I think that the supervisor should have said, "Ma'am, this is the usual style of cut we use for these kinds of orders, but if you wish a different kind, we can go ahead and do that. What do you want?"
She probably got some sick sort of satisfaction at the supervisor chewing out the employee and ti makes her a bully as far as I am concerned.
ha! I used to frequent a pub that had great sandwiches. Would stop for one at least every other week. Knew the owner rather well, not a bad sort.... but he would constantly berate his help in front of customers. Made my meal.... less tasty. finally stopped stopping by.
.... Course... in some places, grouchy service is, well, unique. Place up in Minneapolis... been there for years....

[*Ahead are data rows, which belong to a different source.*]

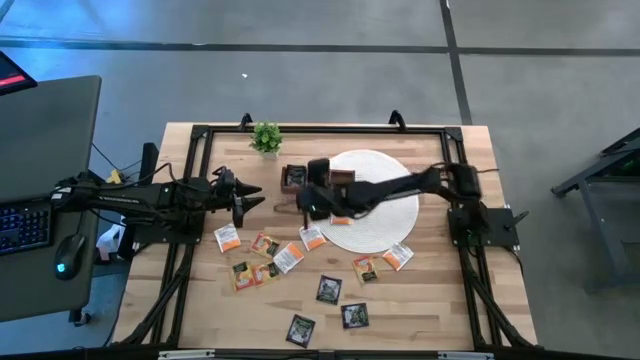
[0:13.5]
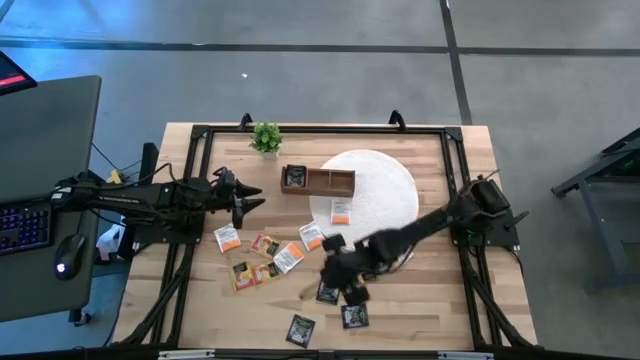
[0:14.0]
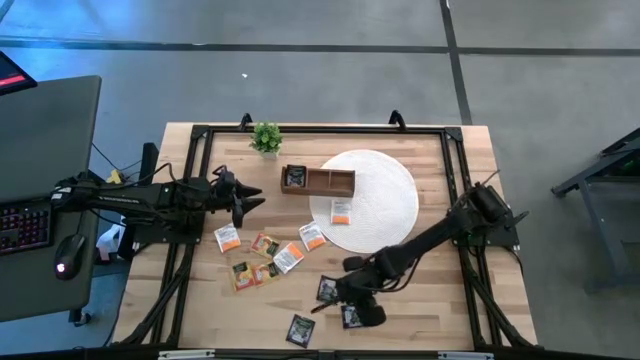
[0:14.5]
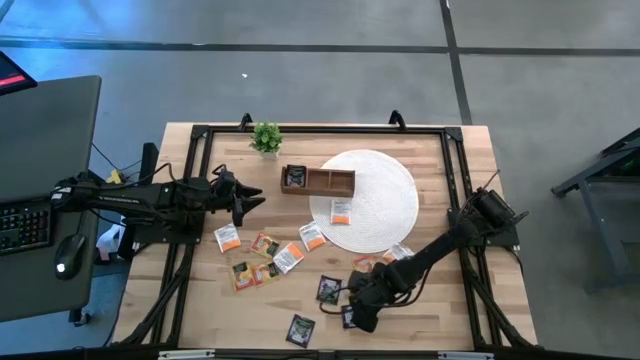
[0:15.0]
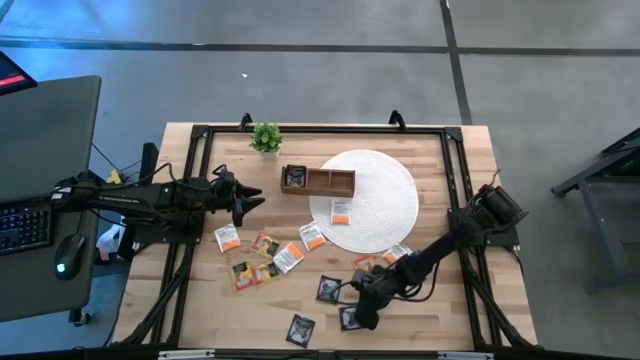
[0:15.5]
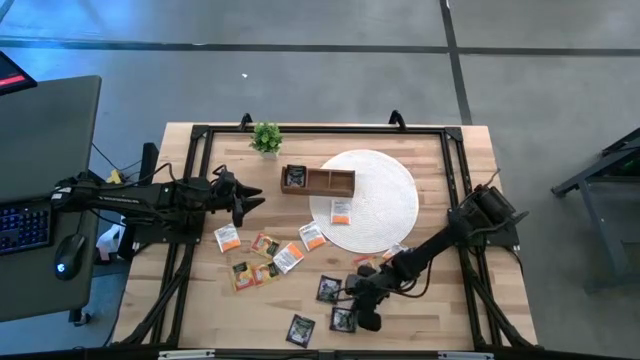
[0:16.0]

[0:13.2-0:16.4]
Task: Pick & Place Tea
Put the violet tea bag into the left section of the wooden organizer

http://dinkytownminneapolis.com/restaurants-and-bars/als-breakfast/
... grouchy service is part of the amience... and the food is fantastic
Notable post Bum, I have covered this stuff myself here and there ... I like to simply put America as "A nation full of shit" basically ... well ... on several avenue's that is, not entirely. Locally I been following this WalMart thing as far as union's ... BTW, I never been union, but I increasingly now support them and strongly suggest joining them even, of course because of this corporate communism of today. But the other day I was in WalMart about 5am, picking up a couple thing's (although I usually go to Target, because I get a discount there, but they dont stay open in my neighbourhood 24/ 7 like WalMart) ... but two young ladies were the only one's there as cashier's at that hour, and when I went to check out they guided me to the self- check deal, to check- out my stuff, etc ... I told her "no", she thought that I didnt know how to use it I reckon and said she would show me ... but I told her that I dont use the self- check- out's because they put folk's like her out of work .. she laughed and said something like "Your so right, I never thought of that" ... I had some petty change coming and told her to give it to Mitt Romney ... and they both started laughing (of course it wasnt meant to be a joke, but at least they got a laugh I reckon) But, I just thought about it, because I was on another blog earlier talking about it ... but ... cool posting Bum ... Later Guy ....

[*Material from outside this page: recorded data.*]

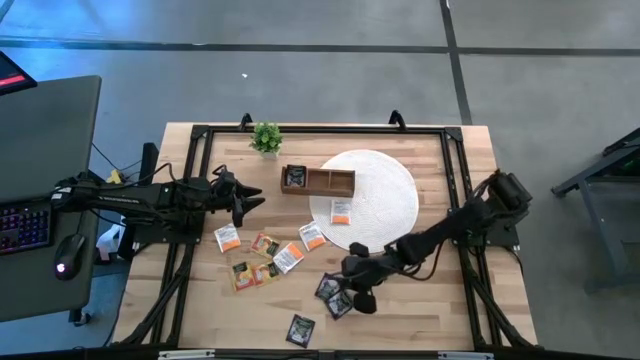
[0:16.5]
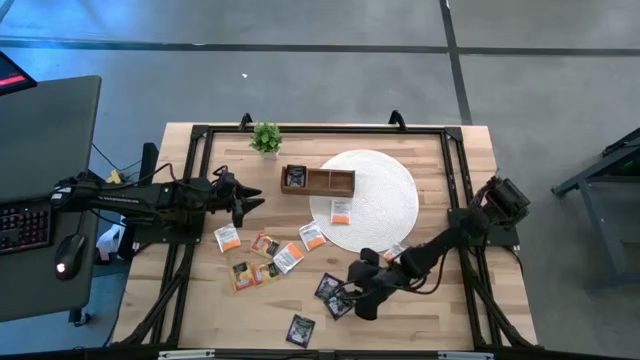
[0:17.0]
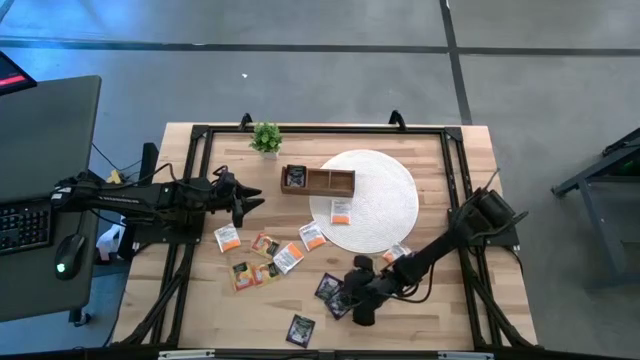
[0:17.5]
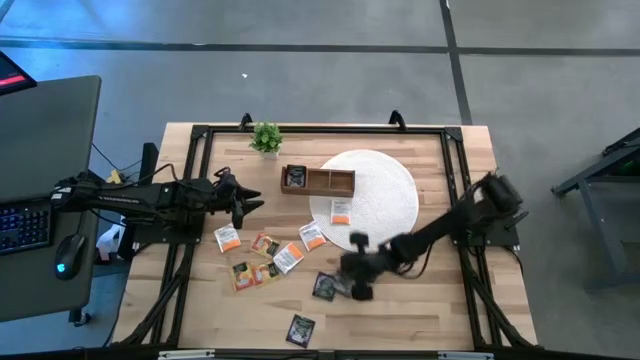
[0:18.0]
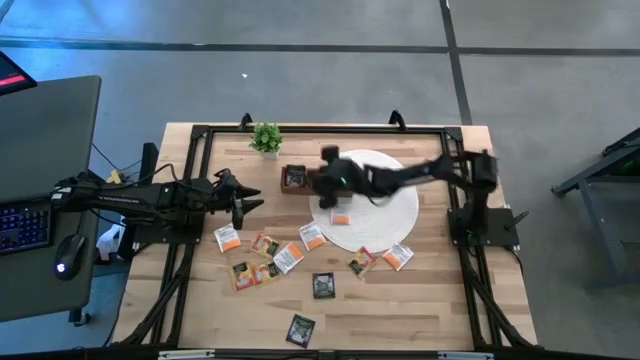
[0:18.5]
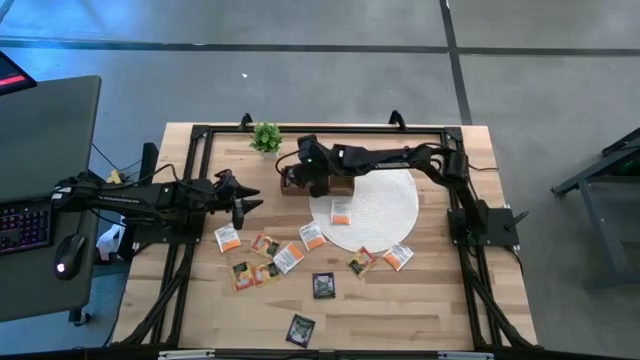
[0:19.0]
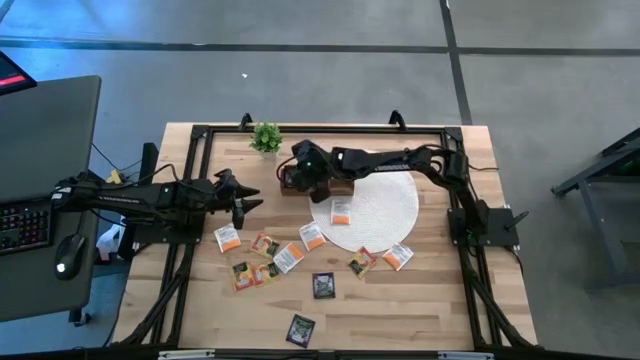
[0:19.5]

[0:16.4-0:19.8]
Put the violet tea bag into the left section of the wooden organizer

I don't think I have ever run across that Steinbeck quote before. It certainly makes a lot of sense from all too painfully personal experience. By the way, I am really sorry for not getting over here to leave more comments. I usually go by what is in my Google Reader, and I just discovered that I had failed to follow/subscribe to the RSS feed here when I thought I had.
Got to agree with the argument against the right to work states. Virginia is one of them. Again the employees see this as a good thing to be non union in many businesses. Being a socialist kind of guy myself I don't understand the strong anti-unionism when your only choice is to risk your low paying job or go to the Labor Relations board which is a hack for business.
In this case the employee had no where to turn to file a complaint against this poor excuse of a supervisor.